Required work:
Make the copy match the entries below exactly, with no pictures carried over.

Source material:
- - - -

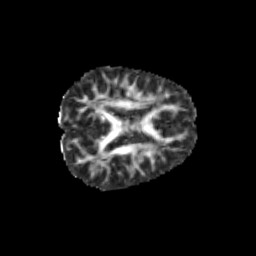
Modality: FA
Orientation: axial
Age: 11
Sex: male
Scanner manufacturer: siemens
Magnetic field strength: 3 T
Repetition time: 3.8 s
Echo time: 0.07 s
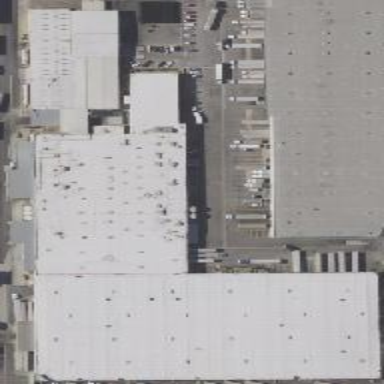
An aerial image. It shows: Factory building.
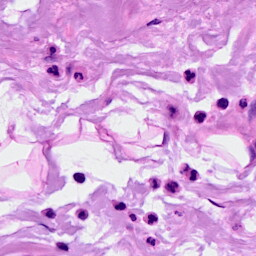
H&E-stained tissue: Breast
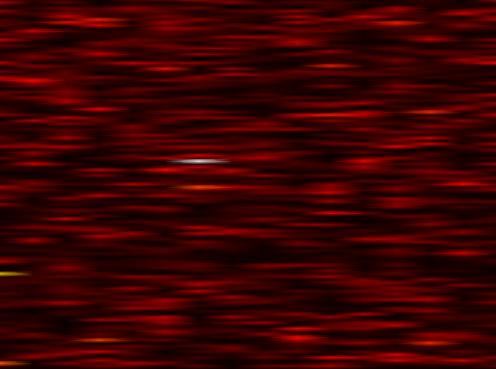
Label: WOLA
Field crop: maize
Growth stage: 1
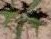
Species: atriplex
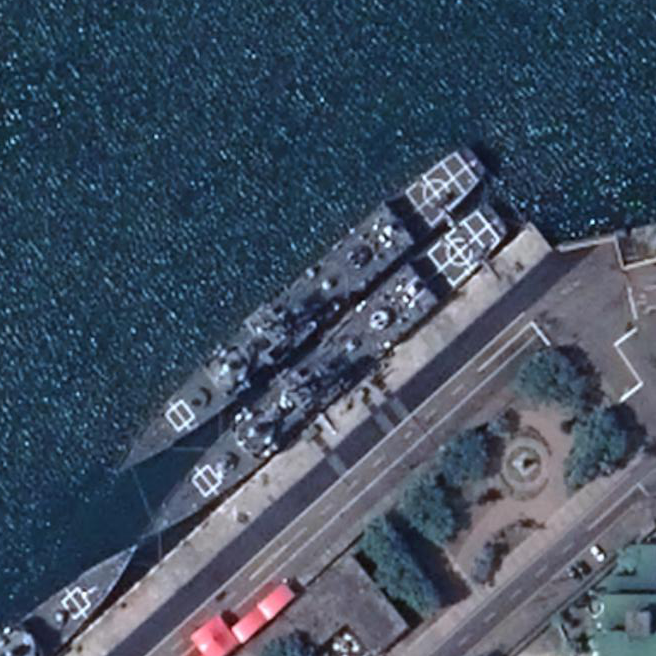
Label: cruiser
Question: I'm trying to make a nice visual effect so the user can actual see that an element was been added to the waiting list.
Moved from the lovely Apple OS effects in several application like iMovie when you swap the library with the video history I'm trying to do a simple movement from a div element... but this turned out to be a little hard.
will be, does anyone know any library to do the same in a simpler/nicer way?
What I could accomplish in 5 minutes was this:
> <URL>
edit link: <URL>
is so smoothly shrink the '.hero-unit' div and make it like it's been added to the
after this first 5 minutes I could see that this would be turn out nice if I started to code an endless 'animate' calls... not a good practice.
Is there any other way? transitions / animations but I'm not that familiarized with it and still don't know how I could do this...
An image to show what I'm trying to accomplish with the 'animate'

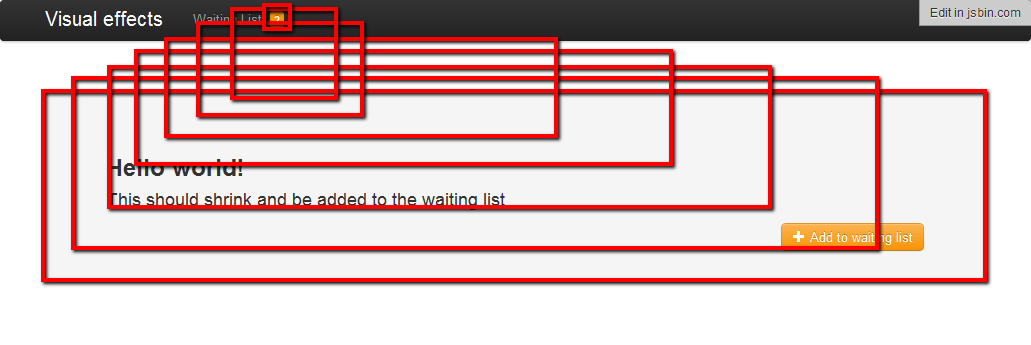
Answer: Some issues with your code:
- The 'fadeOut' callback will be called once for each element that is faded out. Your code might run more smoothly if you dropped the callback and instead set a timeout to start executing the rest of the code only once, when the animation is timed to end.- When you start your animation, you've set 'position: absolute', but your size and position of the element is still derived from its DOM position, so that it'll jump once you start animating these properties.In the timeout, try setting the start properties:'''
orig
.css({
'position':'absolute',
'width':orig.width(),
'height':orig.height(),
'left':orig.position().left,
'top':orig.position().top
});
orig.empty();
'''
- Your element currently appears below the '.waitList .label' because of its 'margin', and it appears greater than 1x1 px because of its 'padding'. Try animating these as well.
<URL>
I realized that composite styles don't animate very well. To get a smooth transition, you'd want to animate 'margin-top' and 'margin-bottom' individually, rather than just 'margin', and the same with all four 'padding' properties.
<URL>

- - - -

Exercise result:
Modality: FA
Orientation: axial
Age: 11
Sex: male
Scanner manufacturer: siemens
Magnetic field strength: 3 T
Repetition time: 3.8 s
Echo time: 0.07 s
An aerial image. It shows: Factory building.
H&E-stained tissue: Breast
Label: WOLA
Field crop: maize
Growth stage: 1
Species: atriplex
Label: cruiser
Question: I'm trying to make a nice visual effect so the user can actual see that an element was been added to the waiting list.
Moved from the lovely Apple OS effects in several application like iMovie when you swap the library with the video history I'm trying to do a simple movement from a div element... but this turned out to be a little hard.
will be, does anyone know any library to do the same in a simpler/nicer way?
What I could accomplish in 5 minutes was this:
> <URL>
edit link: <URL>
is so smoothly shrink the '.hero-unit' div and make it like it's been added to the
after this first 5 minutes I could see that this would be turn out nice if I started to code an endless 'animate' calls... not a good practice.
Is there any other way? transitions / animations but I'm not that familiarized with it and still don't know how I could do this...
An image to show what I'm trying to accomplish with the 'animate'

Answer: Some issues with your code:
- The 'fadeOut' callback will be called once for each element that is faded out. Your code might run more smoothly if you dropped the callback and instead set a timeout to start executing the rest of the code only once, when the animation is timed to end.- When you start your animation, you've set 'position: absolute', but your size and position of the element is still derived from its DOM position, so that it'll jump once you start animating these properties.In the timeout, try setting the start properties:'''
orig
.css({
'position':'absolute',
'width':orig.width(),
'height':orig.height(),
'left':orig.position().left,
'top':orig.position().top
});
orig.empty();
'''
- Your element currently appears below the '.waitList .label' because of its 'margin', and it appears greater than 1x1 px because of its 'padding'. Try animating these as well.
<URL>
I realized that composite styles don't animate very well. To get a smooth transition, you'd want to animate 'margin-top' and 'margin-bottom' individually, rather than just 'margin', and the same with all four 'padding' properties.
<URL>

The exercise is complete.